Since 1997, the BC Federation of Labour, the Business Council of British Columbia and WorkSafeBC have co-hosted a public commemorative ceremony for the Day of Mourning in Vancouver on April 28. But due to the COVID-19 pandemic, this year’s public event was cancelled.

“There’s no question, it’s going to be a very different kind of commemoration. There’s a lot of comfort to be had by coming together in person and we’re going to miss that,” said Laird Cronk, president of the BC Federation of Labour. “This is a sacred day on our calendar, when we mourn people who have died because of their work. It’s ironic that we’re being kept apart by COVID-19, which is itself a serious threat to workplace safety. But it can’t keep us from joining each other – even if it’s over the Internet — and it can’t keep us from mourning together. And it certainly can’t keep us from sharing our determination to make this a province where every worker comes home from their job safe and healthy at the end of every workday.”
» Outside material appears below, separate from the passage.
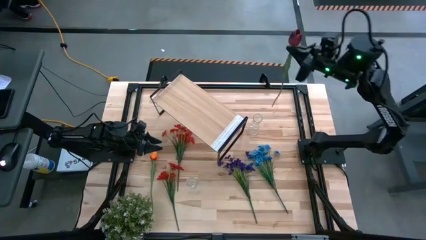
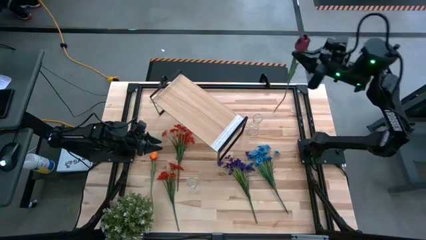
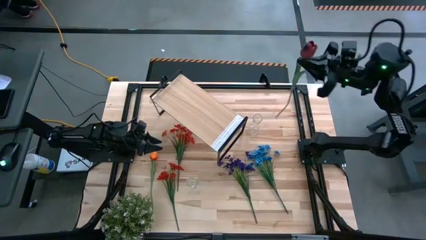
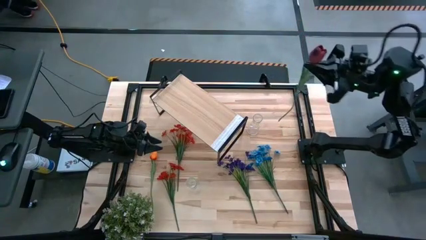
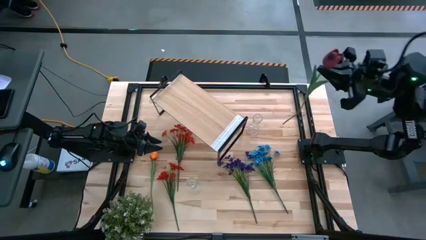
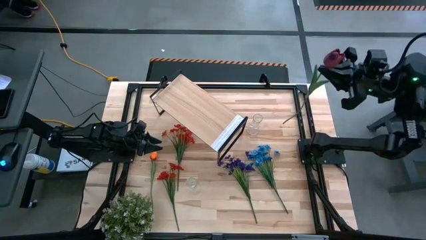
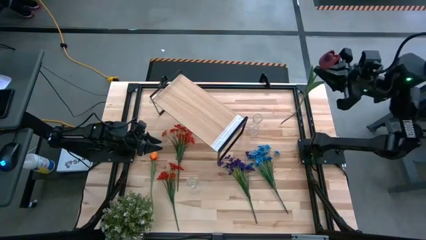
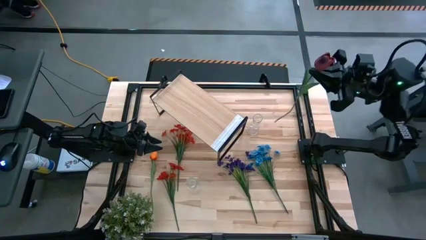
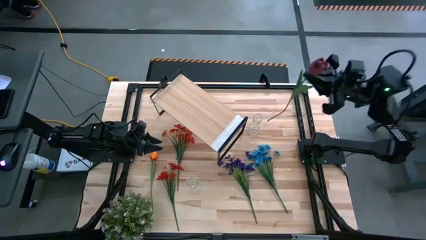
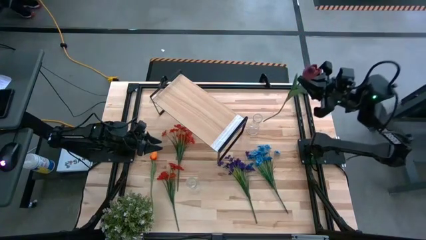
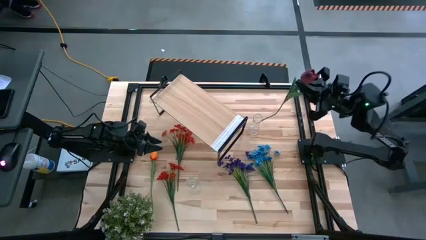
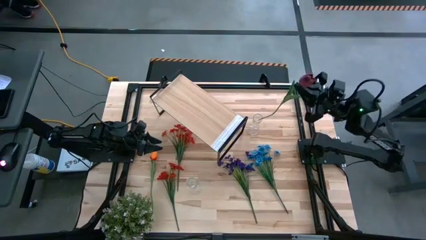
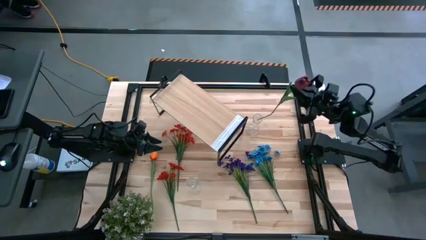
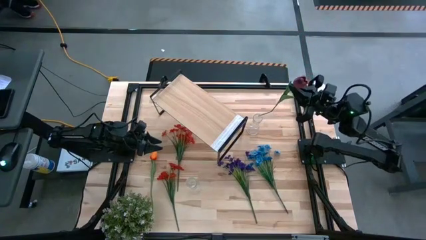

Instead of the usual ceremonies, a video and moment of silence will be shared on April 28 at 10:30 am at dayofmourning.bc.ca to recognize the 140 B.C. workers who died in 2019 as a result of workplace injury or disease. The site also is hosting a digital memorial where people can share memories and photos of their loved ones. And those wishing to print out posters and decals supporting the Day of Mourning can do so at www.dayofmourning.bc.ca/decals/.

Cronk noted the pandemic is teaching Canadians that workplace safety is an absolute necessity, for everyone’s health and well-being.

“Government and employers owe workers the assurance they’ll have the equipment, training and working conditions they need to stay safe, and the financial and job protections they need to be able to stay home when they’re sick,” he said. “We’re telling people their work is essential and asking them to stay on the job in the middle of a deadly pandemic. We’re expressing our thanks every night by banging pots and pans. Now let’s make those thanks meaningful by ensuring those workers come home safe at the end of their shifts.”

Al Phillips, president of the BC Building Trades Council, also reflected on the Day of Mourning taking place during the COVID-19 pandemic, writing that it would be a day to remember those on the frontlines of labour as well.

“We will mark the day placing faith and gratitude in our public health care workers on the frontlines of this pandemic along with the thousands of other workers who, in many different ways, are protecting life as we know it,” said Phillips, in a written statement. “These include grocers and restaurant workers, emergency service personnel, manufacturers of essential goods, construction workers building and maintaining vital infrastructure, transit operators, truck drivers and news media, to name just a few.”